“As a woman I just always took it for granted that I would get married, have kids, and all would be fine.”
Former Hollyoaks actress Joanna Taylor began trying for a baby in 2003 with her husband, premiership footballer Danny Murphy. But it wasn’t long before they realised there was a problem. In this frank account she shares her long struggle to conceive and her delight at their ‘miracle’ baby.
Want to know what you can do to help families affected by childhood cancer? Joanna Taylor is a proud supporter of Yummy Mummy Week 2010 – find out more here.
“We hadn’t been together that long when we started trying,” Joanna recalls. “But I’d stopped taking the pill in the new year and was thinking that this would be a lovely birthday present for Danny. I had dreamed of giving him a positive test result in March, but March came and went, and in early autumn I went to see Danny’s doctor, who referred me to a specialist and that got the ball rolling.”

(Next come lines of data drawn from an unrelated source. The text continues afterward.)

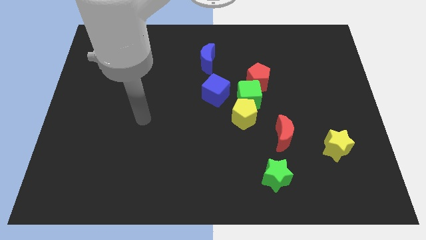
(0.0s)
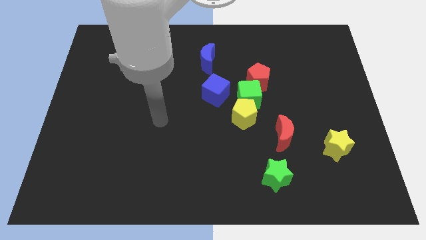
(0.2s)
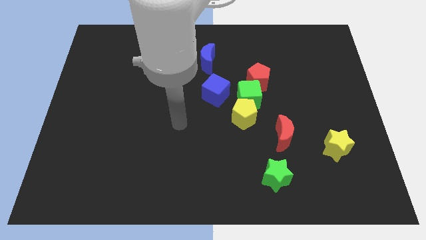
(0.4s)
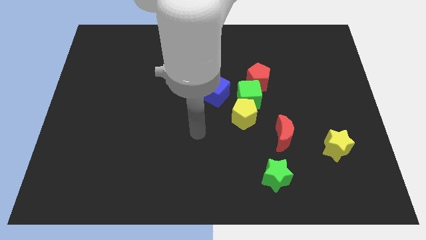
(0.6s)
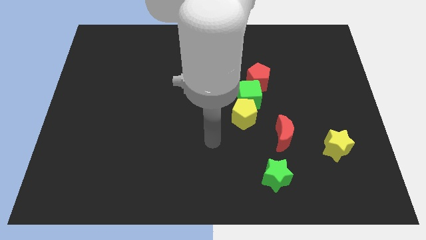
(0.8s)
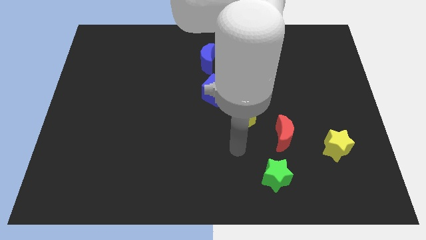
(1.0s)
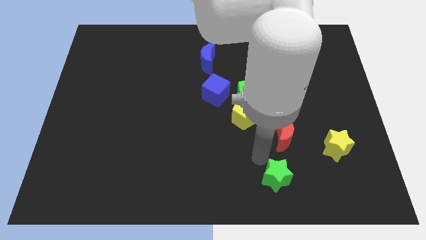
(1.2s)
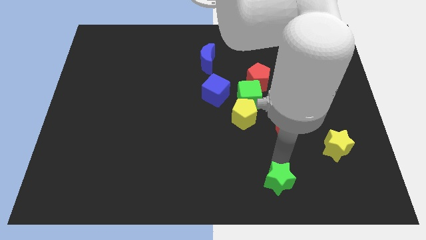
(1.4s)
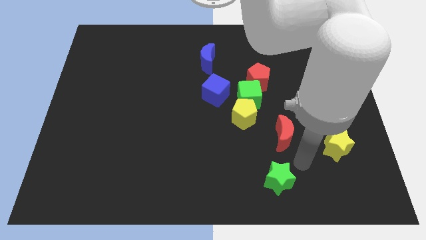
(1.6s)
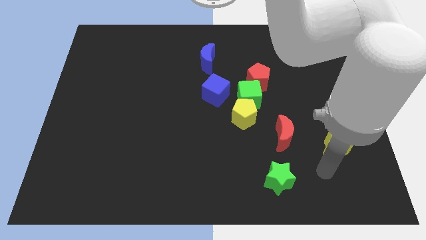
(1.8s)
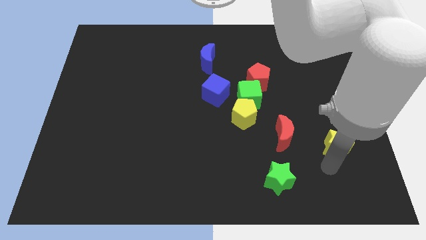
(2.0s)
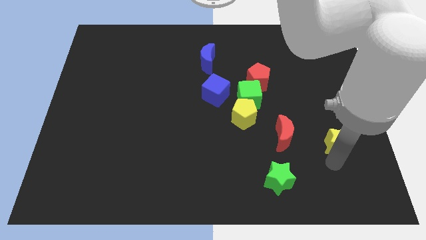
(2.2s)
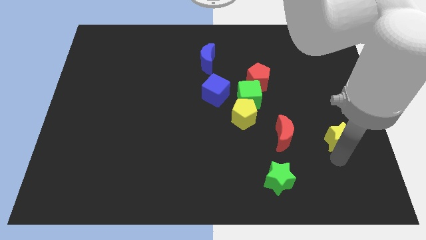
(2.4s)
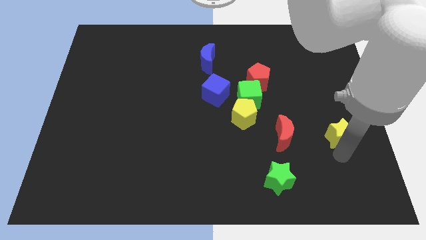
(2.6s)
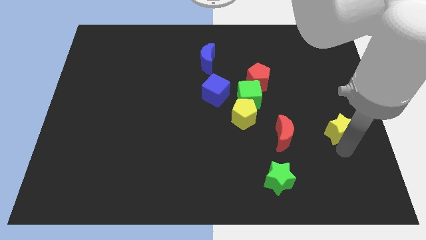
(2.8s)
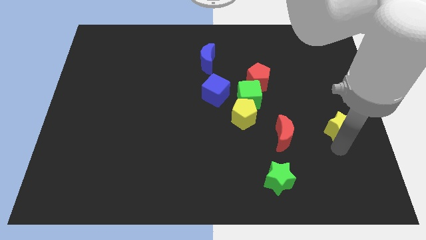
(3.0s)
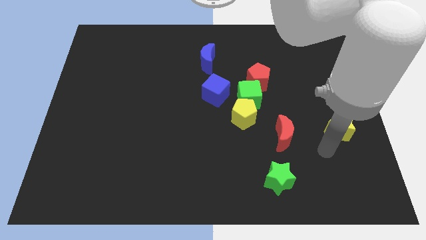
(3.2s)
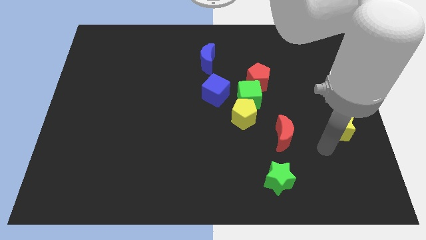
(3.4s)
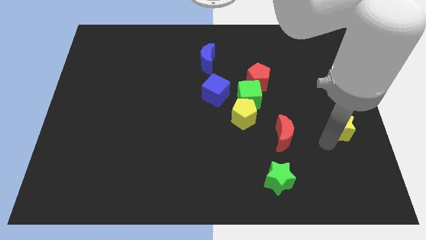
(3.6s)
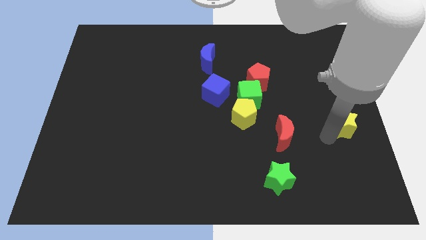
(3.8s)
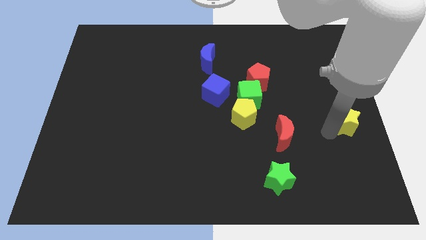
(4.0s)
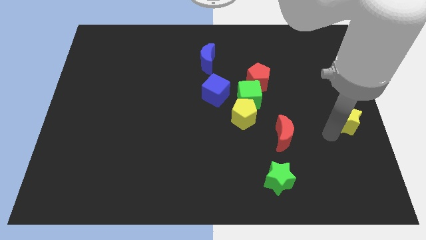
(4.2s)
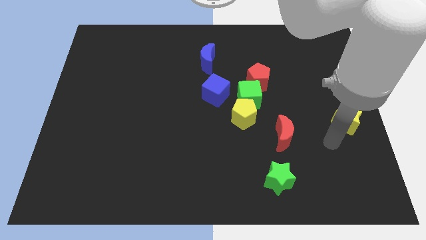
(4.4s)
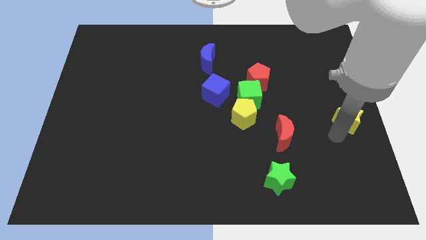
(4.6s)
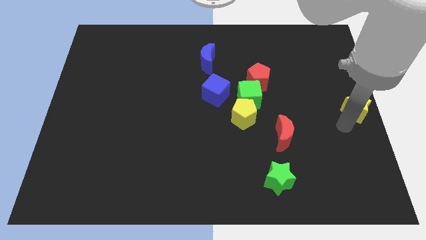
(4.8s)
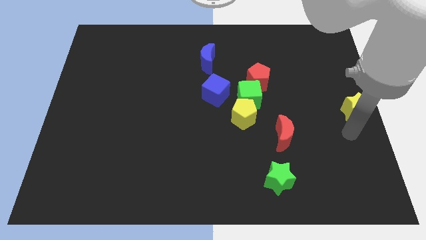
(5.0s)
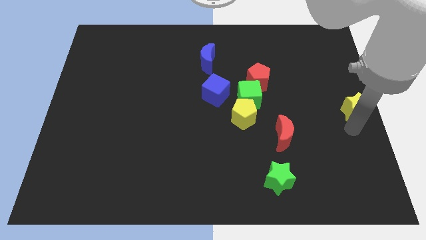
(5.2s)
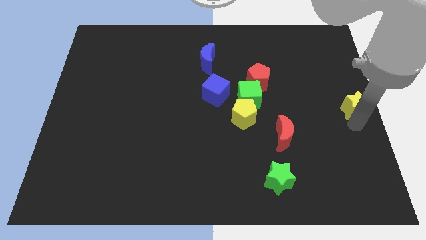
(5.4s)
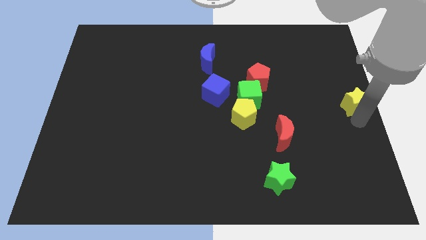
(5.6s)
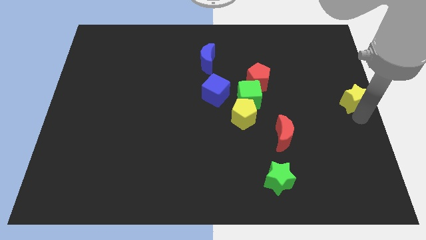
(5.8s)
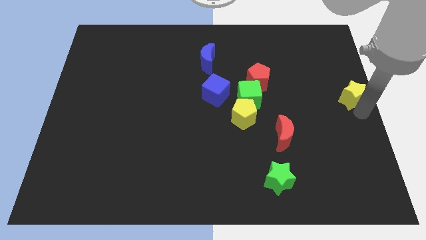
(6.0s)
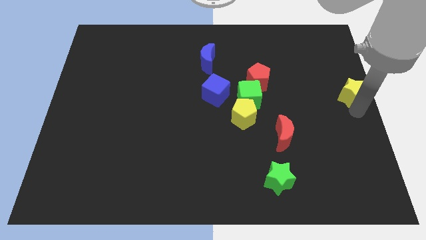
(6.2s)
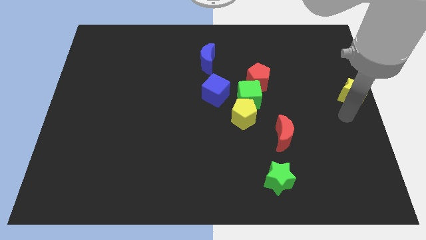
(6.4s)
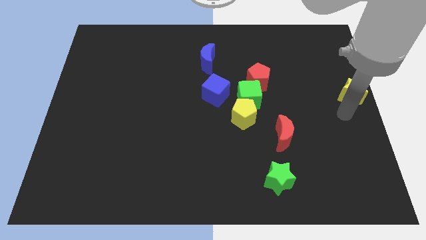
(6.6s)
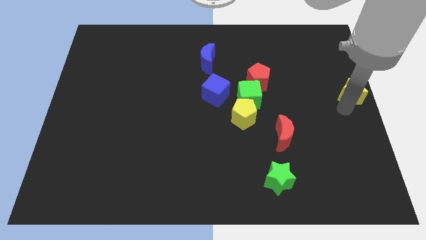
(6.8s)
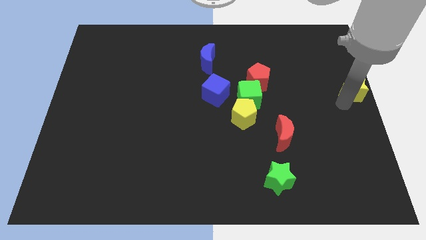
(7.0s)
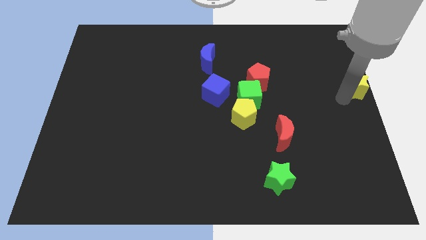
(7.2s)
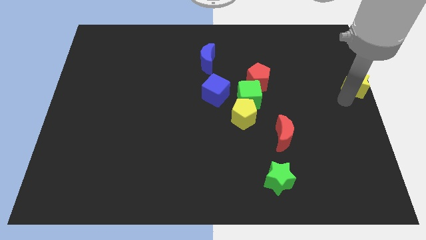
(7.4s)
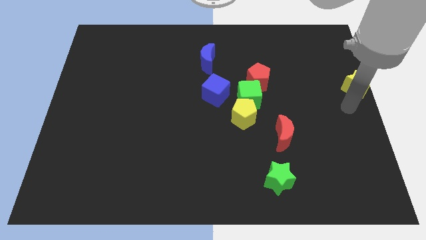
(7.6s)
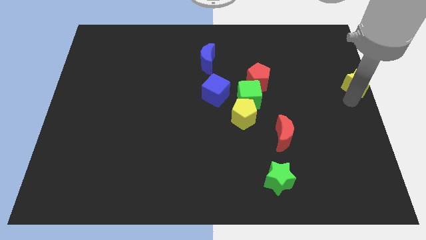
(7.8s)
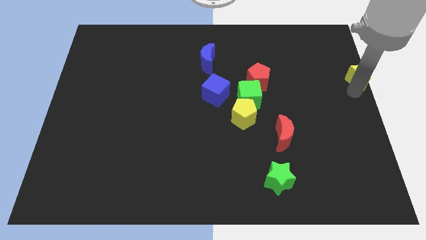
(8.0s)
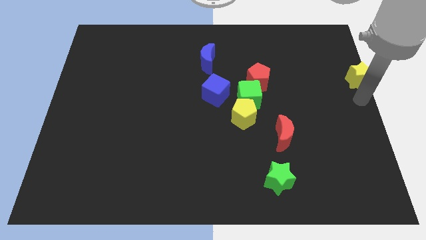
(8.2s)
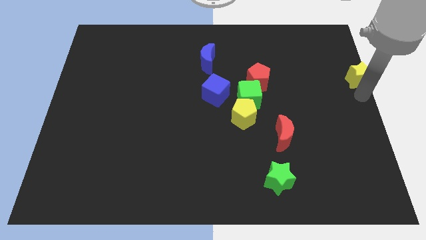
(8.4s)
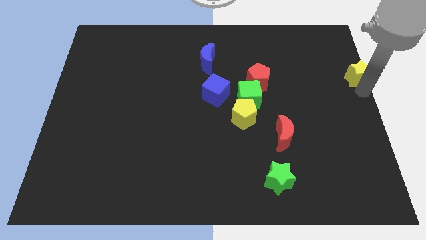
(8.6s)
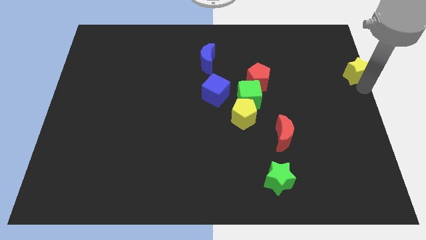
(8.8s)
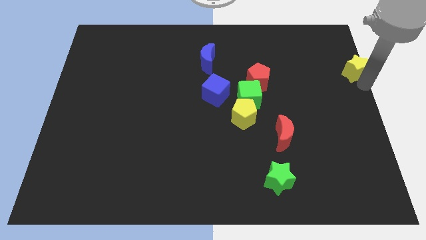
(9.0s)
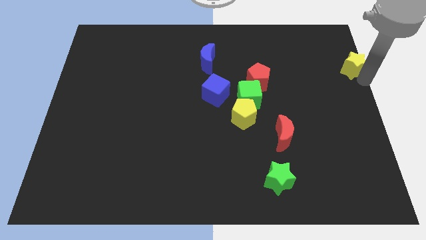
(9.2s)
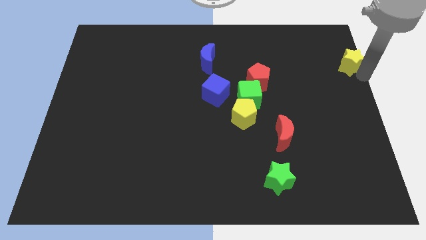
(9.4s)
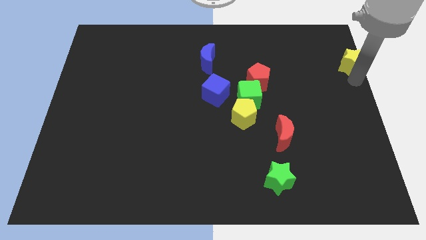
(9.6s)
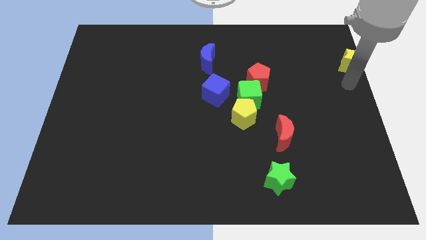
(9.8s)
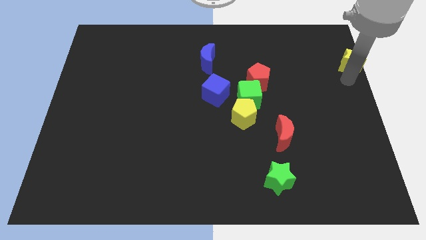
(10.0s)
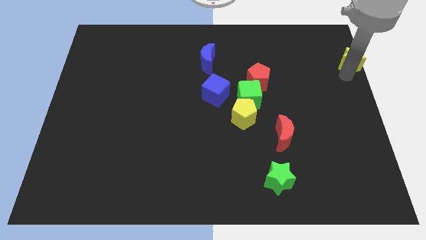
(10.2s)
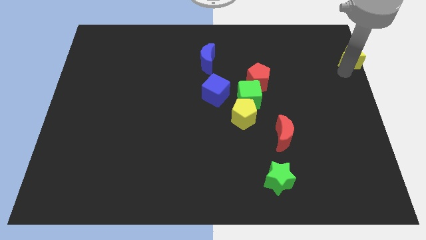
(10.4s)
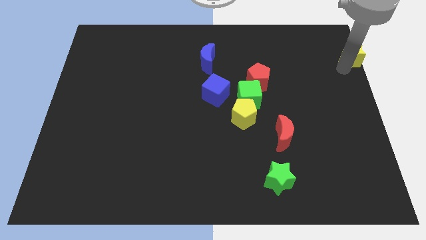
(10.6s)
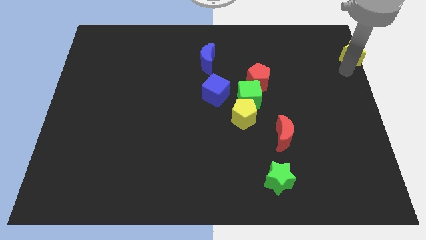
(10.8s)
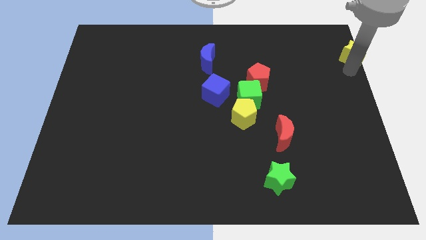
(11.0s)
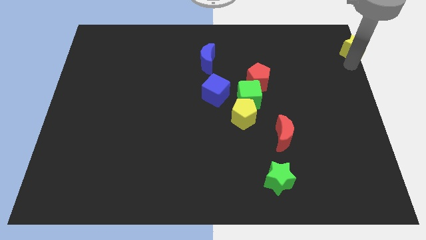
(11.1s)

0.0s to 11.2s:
slide the yellow star to the top right

Frustratingly, nothing appeared to be wrong. “I had blood tests and a laparoscopy and everything was fine,” she says. “There was no endometriosis, and no PCOS, so I went on Clomid for six months and then did one course of IUI.
Feeling the pressure
The strain began to show. “At at that point it was ruling my life,” she continues. Danny was away so much of the time, so when he was around I wouldn’t even go away with friends or family if I knew I would ovulate at that time. I was obsessed about missing even one month. And when it comes to sex any romance really goes out of the window – you don’t really care how, when or why, which is horrible when you’re young and that’s taken away – I was pretty obsessive.”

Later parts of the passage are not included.